A hyper violent fascist dictatorship (going on two decades now), with no human rights, where just proclaiming the war in Ukraine to be a war can get you 15 years in prison - yeah, there are a lot of very good reasons why Russia can't be painted in a positive light at present.

This is the same fascist dictatorship that just instructed its soldiers to intentionally genocide, rape and torture civilians by the tens of thousands in neighboring Ukraine.

We're talking about one of the most evil regimes of the last several hundred years. And it all derives directly from the culture of the country, just as the Soviet era did before it.

What positive light?


> where just proclaiming the war in Ukraine to be a war can get you 15 years in prison

Well, to be fair, there are lots of indications that's about to change.


Yes, unfortunately it appears they're about to make it official.


>"We're talking about one of the most evil regimes of the last several hundred years."

On that time scale Russia is no special at all. Atrocities committed by the West will make normal human want to loose sanity. For your own education and as a little sample just check what Belgium did in Congo. England had raped half of the world. The rest of the world was just as bad. Just less powerful. So please cut the bullshit.

Current Russian regime and their leaders deserve to be dealt with for sure. Personally I would dump Putin into meat grinder (not really because I am not a rabid dog he is but these are my feelings).
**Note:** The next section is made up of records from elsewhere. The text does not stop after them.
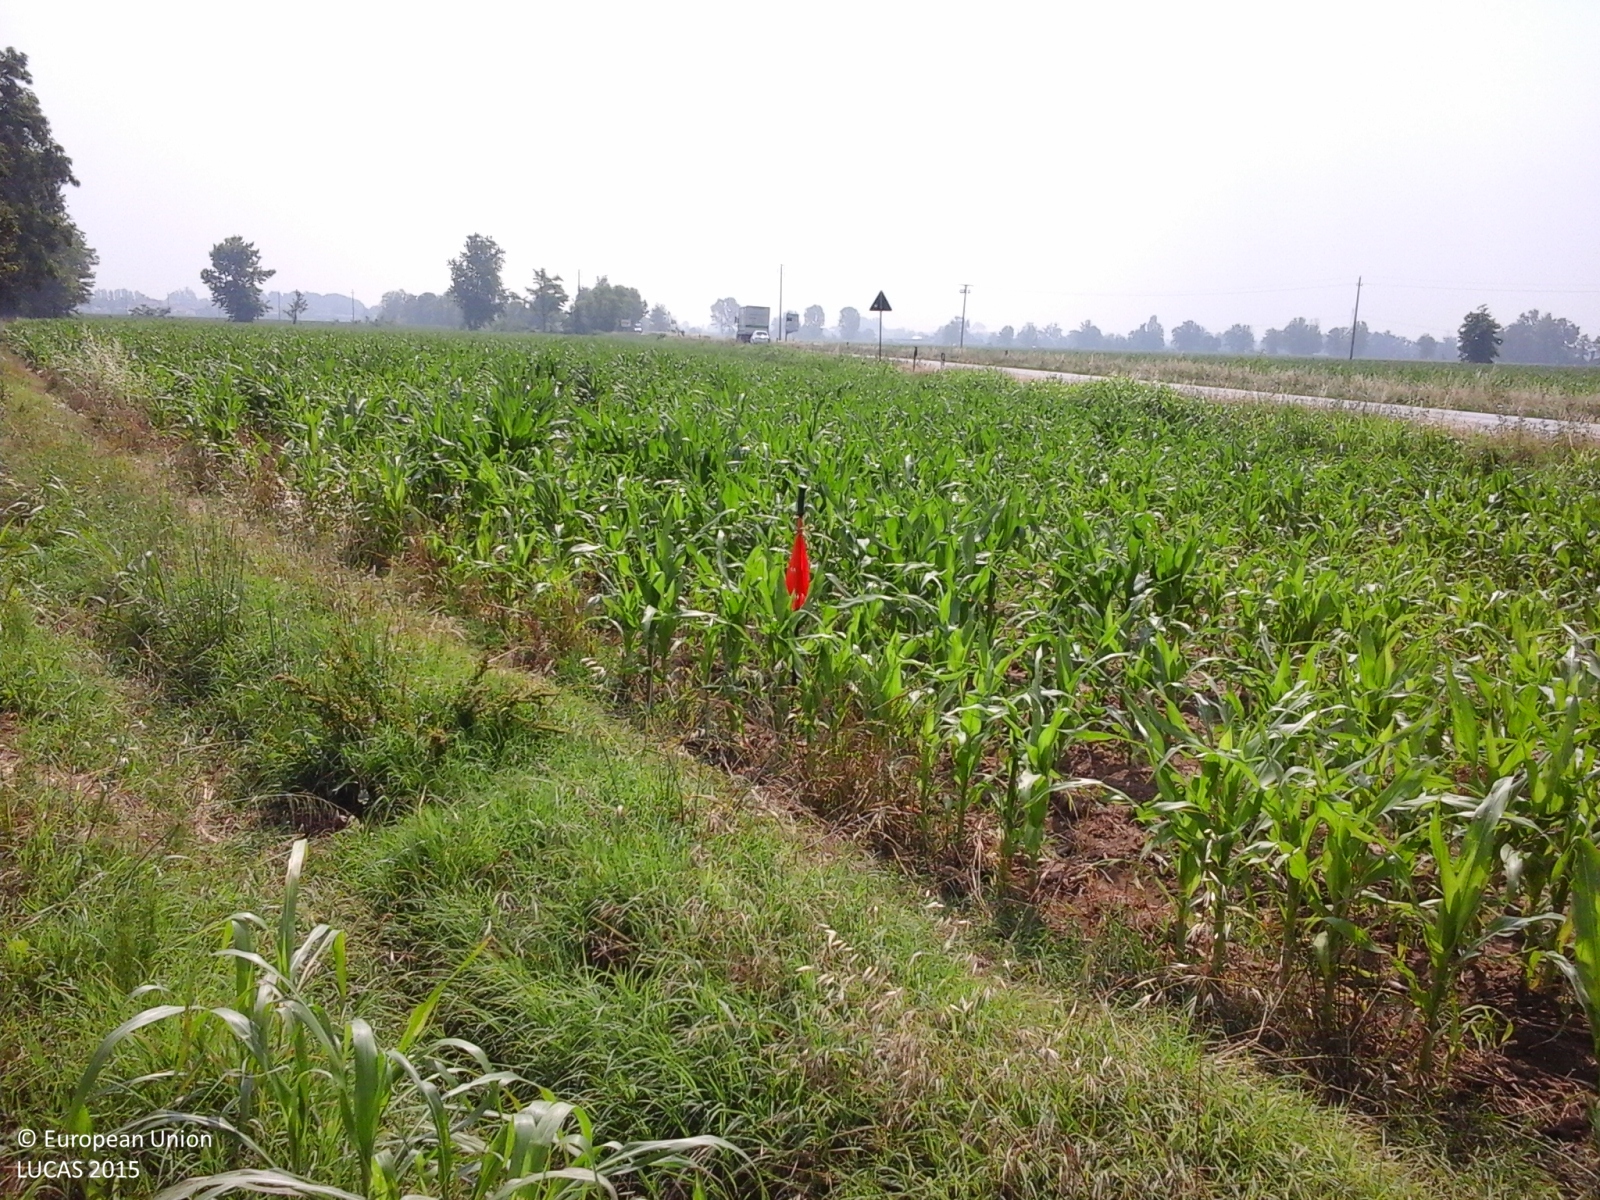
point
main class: Cropland
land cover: Maize
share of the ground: > 75 %
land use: Agriculture (excluding fallow land and kitchen gardens)
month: June
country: IT
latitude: 45.3782
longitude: 10.0637

But to claim that Russia did this because of the rotten nature of Russian people in general - this is not true and is pure racism.
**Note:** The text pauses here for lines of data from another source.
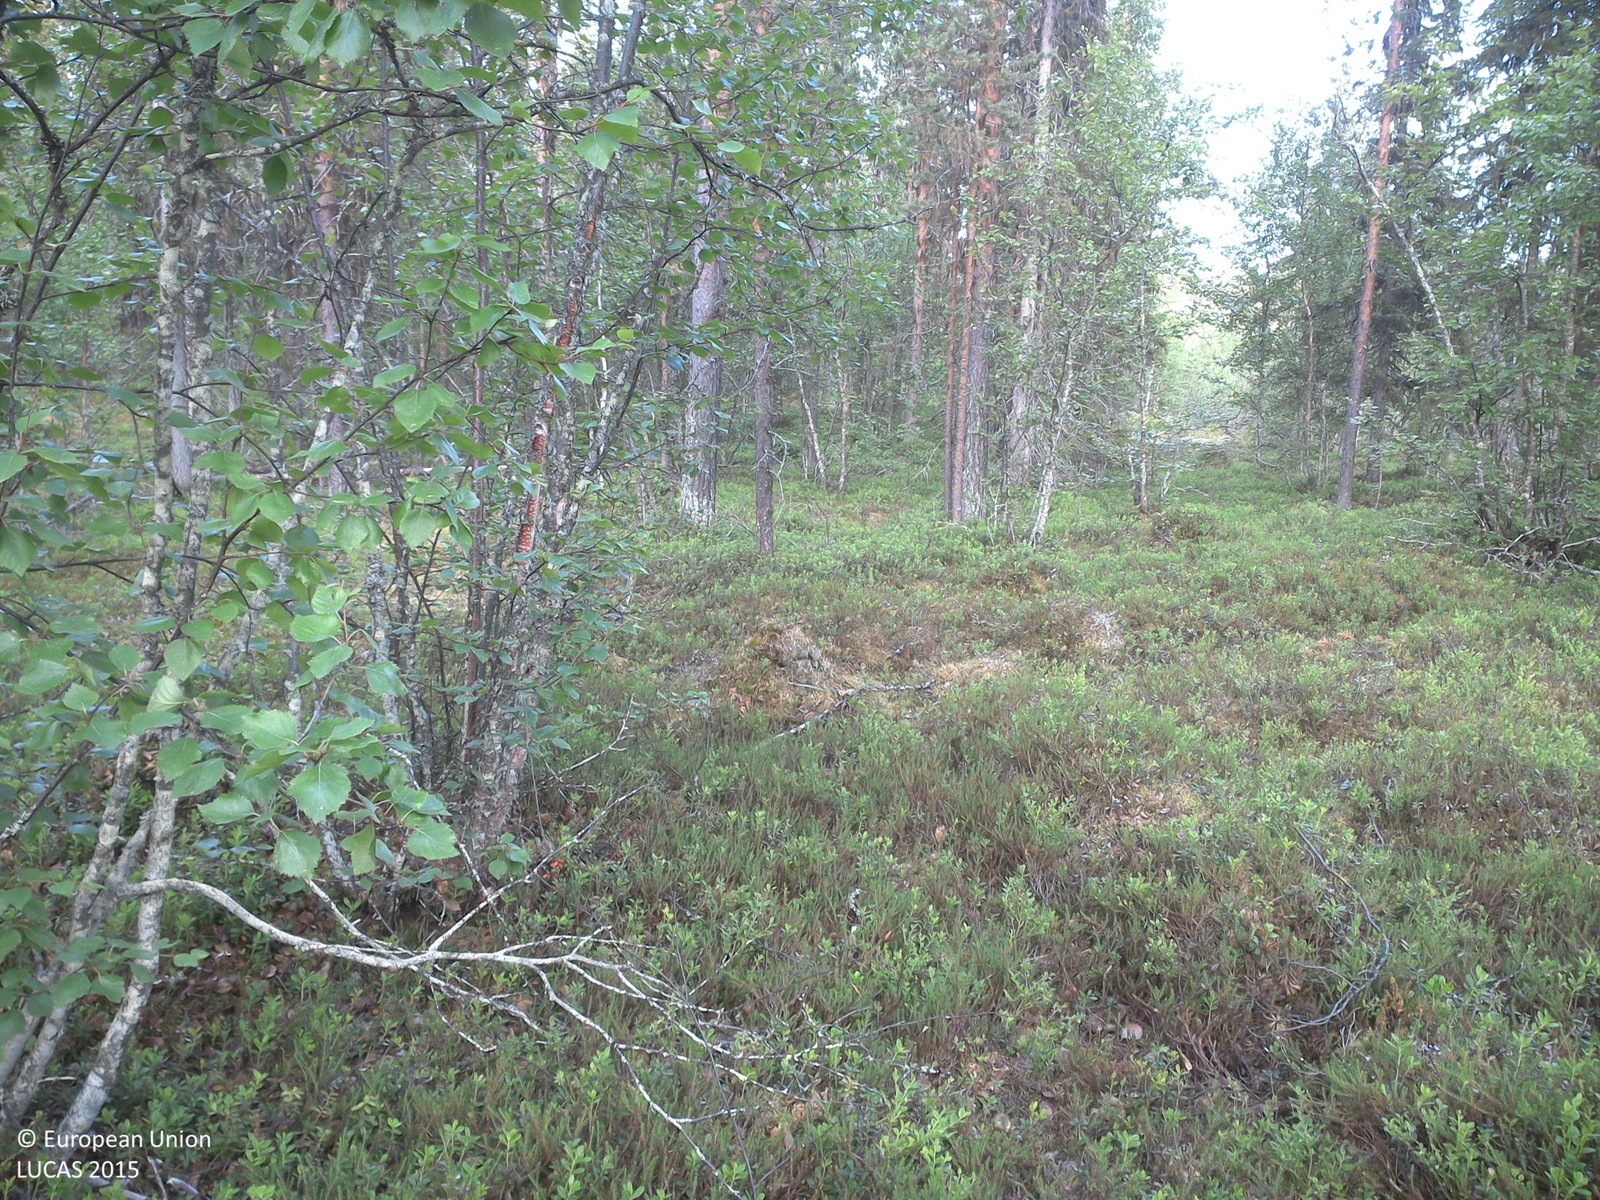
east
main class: Woodland
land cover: Pine dominated mixed woodland
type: boreal forest
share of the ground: 25 - 50 %
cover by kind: shrubs 60 %, coniferous forest trees 25 %, broadleaved forest trees 10 %, lichens and mosses 5 %
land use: Forestry
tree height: > 5 m
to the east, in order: Pine dominated mixed woodland; Spruce dominated mixed woodland; Ditches and canals; Peatbogs
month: July
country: SE
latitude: 67.5072
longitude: 22.6784

I imagine there are people making 4x average salary in Bucharest as well, not just Moscow.

It makes precisely zero sense factoring in a lower cost of living, as likely Bucharest also has a low cost of living. Actually, the numbers I found factoring the cost of living Moscow v Bucharest were much much higher for Bucharest, to the point where I thought they were ridiculous, and wasn't sure about their accuracy, hence I chose those which put Moscow in a more favorable light.

> Every statement that paints Russia in a positive light must be propaganda, right? This becomes tiring really fast.
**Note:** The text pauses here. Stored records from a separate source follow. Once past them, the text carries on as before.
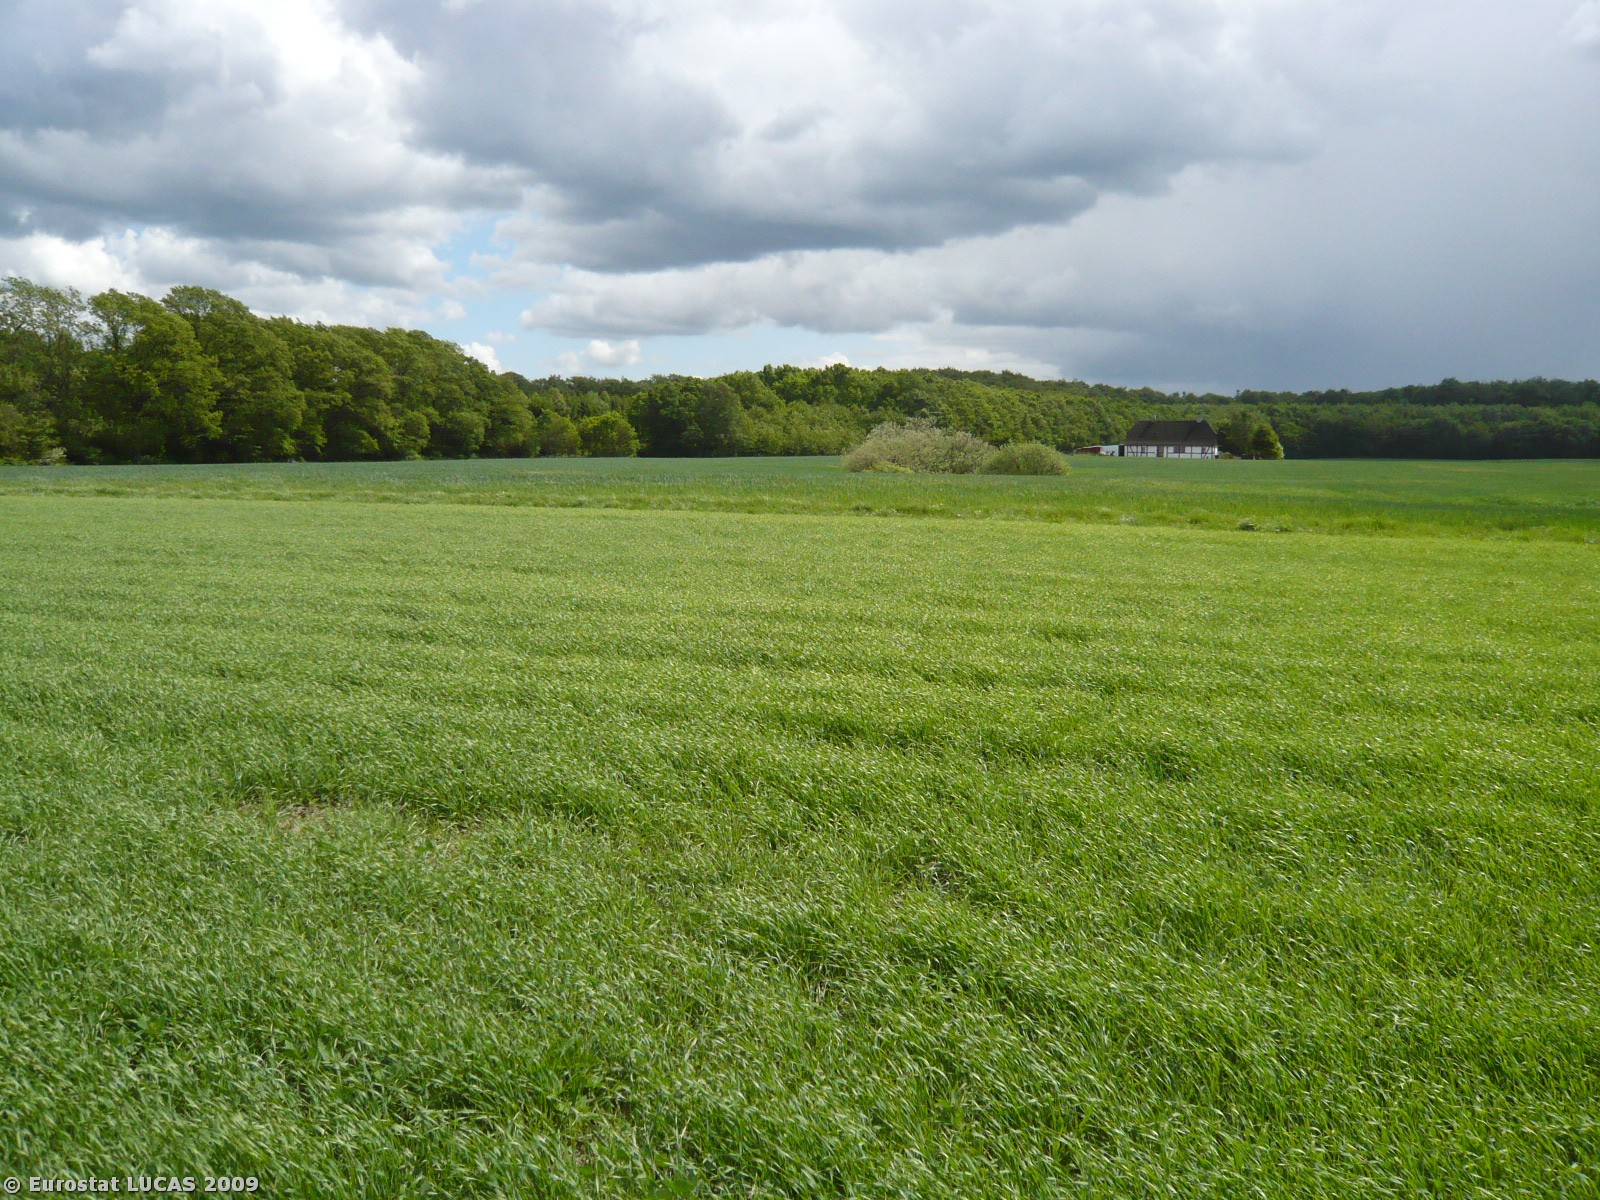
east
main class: Cropland
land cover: Barley
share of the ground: > 75 %
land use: Agriculture (excluding fallow land and kitchen gardens)
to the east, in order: Barley; Grassland without tree/shrub cover; Broadleaved woodland; Fences; Broadleaved woodland
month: May
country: DK
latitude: 55.3145
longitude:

Yeah well, the statement paints a fake positive light about russia. I am sure even that country has many positives but I focused on specifically OP's statement, because it was simply a lie.

You know what else becomes really tiring? What russia did and does to its neighbours since its inception. Focus on solving that, as people are more than eager to move on past territorial expansion wars and live in the current century.


While I agree to you that everyone who can leave Russia - should do it for now, your arguments about personal economy are wrong. The thing with Russia is enormous inequality, which is not seen in average metrics. Moscow has enormously cheap taxi and delivery services because of abundance of immigration workforce and lack of social security. Imagine US allowing free immigration and work for all immigrants. All low skill professions will be immediately taken by wave of immigrants from LATAM and Asia, which will significantly increase quality of life for US middle and lower-middle class with all the spare cash from cheap householding, transportation and other services. Uber and Doordash will become dirt cheap. Amazon may transform into something even more dystopian.

It will also force Americans who are doing those jobs right now to live on welfare, effectively bankrupt welfare system. They are voters, so due to democratic processes this will never happen, but this is not the case in Russia.


> Moscow is too expensive

Compared to what? Compared to other Russian cities it is certainly expensive. Compared to e.g. San Francisco it is very cheap.

> it prices even software developer leads out.

Doesn't match my experience at all. It doesn't require extraordinary thrift for someone with a software developer lead salary to start a family and pay off a mortgage for a decent apartment.


> Compared to what?

Given the context provided for the statement, “Moscow is too expensive: it prices even software developer leads out”, local wages, since (as described) it is too expensive for even relatively high-wage workers.